U.S. officials and human rights advocates acknowledge that the nature of violence in Darfur has changed since the bloodiest phase from 2003 to 2005 of a government counterinsurgency campaign that has never entirely ended and that has led to the death of more than 300,000 people and the displacement of nearly three million. A peace treaty between Chad and Sudan has undercut the military position of one of Darfur's main rebel groups, the Justice and Equality Movement. There is at least a peace agreement in place now, that while not exactly delivering peace, has created a political process to channel some of the region's more violent impulses. But that doesn't meant that the problems have gone away: The region continues to be plagued by intertribal warfare, banditry, and crime.

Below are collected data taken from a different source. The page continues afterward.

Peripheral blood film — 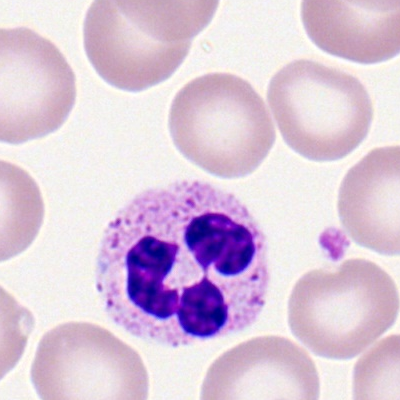
The cell shown is a segmented neutrophil.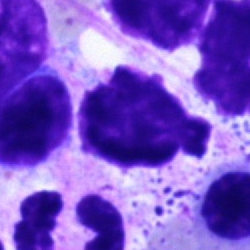 {"cell_type": "artefact"}
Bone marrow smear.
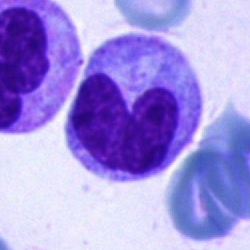 Morphology consistent with a neutrophil (band).
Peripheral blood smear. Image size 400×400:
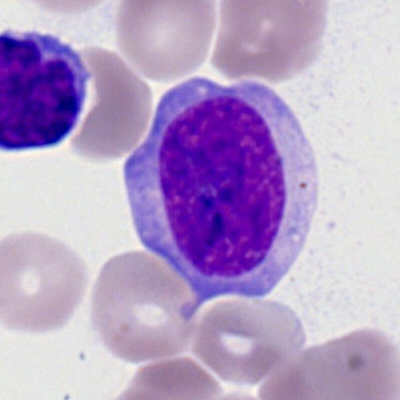Q: What is shown here?
A: Myeloblast.
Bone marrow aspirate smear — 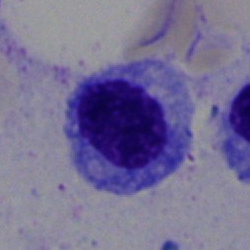

Q: What is the morphological classification of this cell?
A: It is a normoblast.
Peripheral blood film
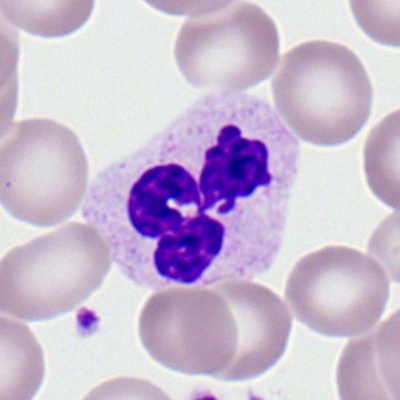

Morphological class: polymorphonuclear neutrophil.
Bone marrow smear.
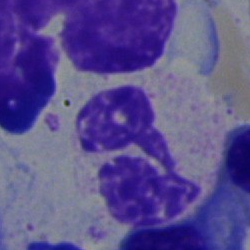Q: What cell is this?
A: It is a neutrophil (segmented).
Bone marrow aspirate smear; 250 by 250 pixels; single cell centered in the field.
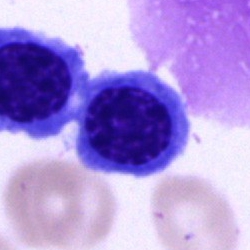

The cell type is normoblast.
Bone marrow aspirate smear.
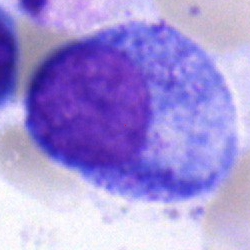Cell — progranulocyte.
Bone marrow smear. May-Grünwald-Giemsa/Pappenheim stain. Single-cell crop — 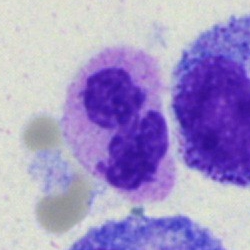

Q: What type of cell is this?
A: A neutrophil (segmented).
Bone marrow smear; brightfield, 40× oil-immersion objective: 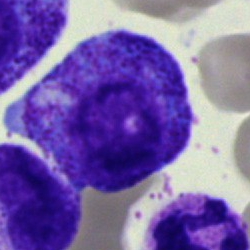 Single cell identified as a progranulocyte.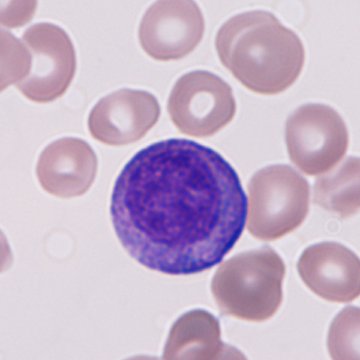 Q: Which cell type is shown here?
A: An immature granulocyte (promyelocyte, myelocyte or metamyelocyte).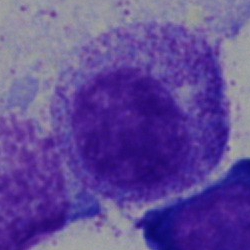

Showing a myelocyte.
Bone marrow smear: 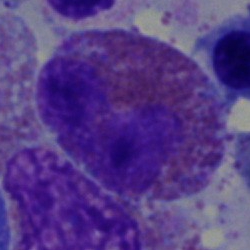
Morphology — eosinophil.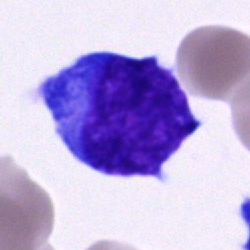
Cell type — undifferentiated blast.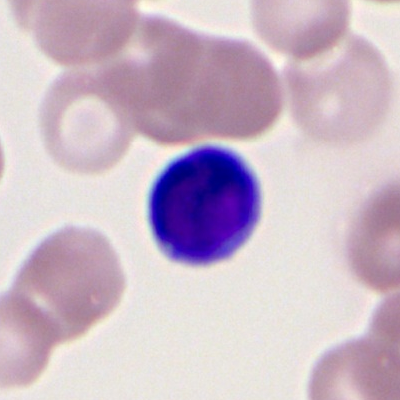
Showing a typical lymphocyte.
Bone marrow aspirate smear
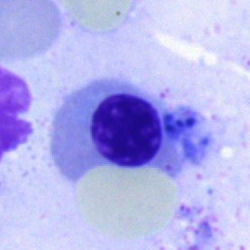

Specimen: bone marrow aspirate smear.
Morphological class: nucleated red cell.
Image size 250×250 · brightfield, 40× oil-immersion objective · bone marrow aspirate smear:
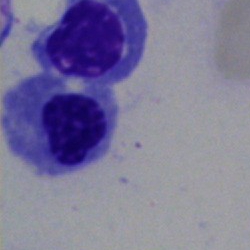 This is a nucleated red cell.
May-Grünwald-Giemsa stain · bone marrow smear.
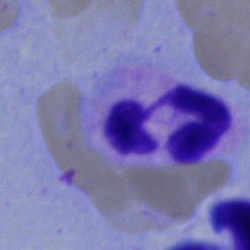

Segmented neutrophil.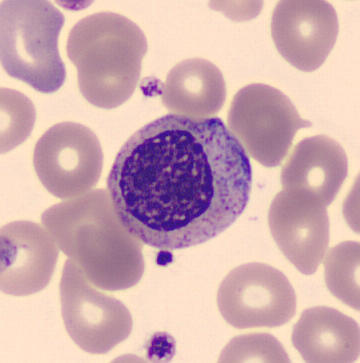
Preparation: Peripheral blood film; MGG stain; 360 by 363 pixels.
Single cell identified as a myelocyte.
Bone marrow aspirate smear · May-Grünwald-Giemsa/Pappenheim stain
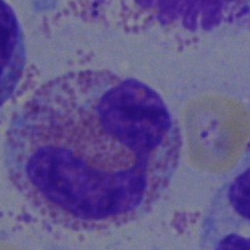
Showing an eosinophilic granulocyte.
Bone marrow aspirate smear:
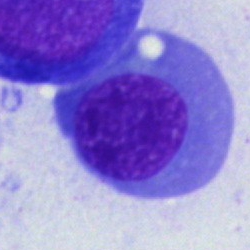
{"cell_type": "nucleated red blood cell", "lineage": "erythroid"}
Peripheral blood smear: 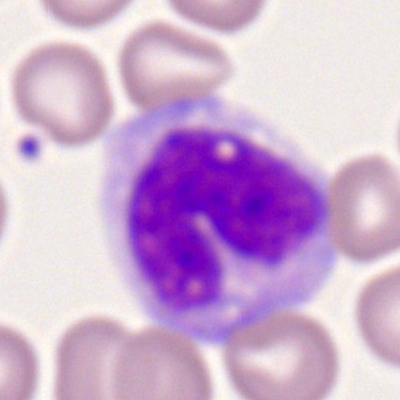

Cell type = monocyte.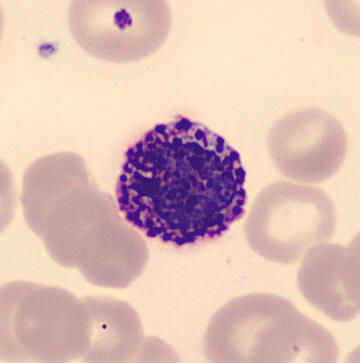

Acquisition: Peripheral blood smear; May-Grünwald-Giemsa-stained. Identified as a basophil.
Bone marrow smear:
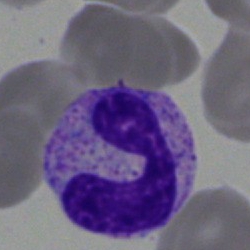Showing a neutrophil (segmented).
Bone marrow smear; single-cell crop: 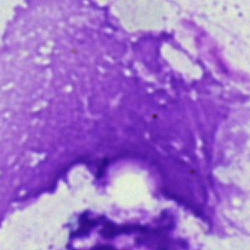

An artefact.
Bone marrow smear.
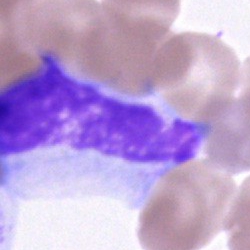

Q: What is shown here?
A: An unidentifiable cell.
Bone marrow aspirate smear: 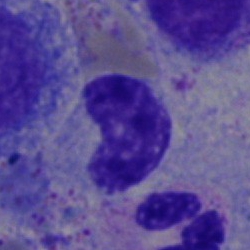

Meanwhile, Khartoum continues to kill civilians through a campaign of aerial bombardment, as it has recently attacked the central Darfurian region of Jebel Marra. It also imports weapons in violation of U.N. sanctions, and it provides military support to favored militias in an effort to root out possible bases of support for rebel forces now bent on toppling the government. Indeed, the three former U.N. experts documented evidence that Khartoum -- which traditionally supported Arab militia in Darfur -- trained, armed, and organized local non-Arab tribes for the first time to fight anti-government Zaghawa rebels.

Early last month, Susan Rice, the U.S. ambassador to the United Nations, privately raised concerns about the lack of reporting on rights abuses in Darfur in a private meeting with Ibrahim Gambari, UNAMID's representative. More recently, the United States, Britain, and other European powers also pressed the U.N. chief peacekeeper, Hervé Ladsous, in a closed-door Security Council session to step up reporting on rights abuses, arguing that developments on the ground still require public reporting on abuses by government or rebel forces in Darfur.

"From a U.S. point of view, we're hardly sanguine about the security situation" in Darfur, Rice told reporters on April 26. "We see that the violence is escalating in four or five regions of Darfur, and we're particularly concerned about North Darfur and Jebel Marra."

The partial reporting moratorium comes at a time when media interest in Sudan has waned, or at least shifted from Darfur to other parts of Sudan, including South Sudan, which declared its independence last July 2011, culminating a landmark agreement that ended a 28-year civil war between Khartoum and the southerners. The nascent country has since been plagued by violent flare-ups in places like Abyei, South Kordofan, and elsewhere along the border, raising fears that Khartoum and South Sudan might again be on the brink of war, this time a battle between two well-armed independent nations.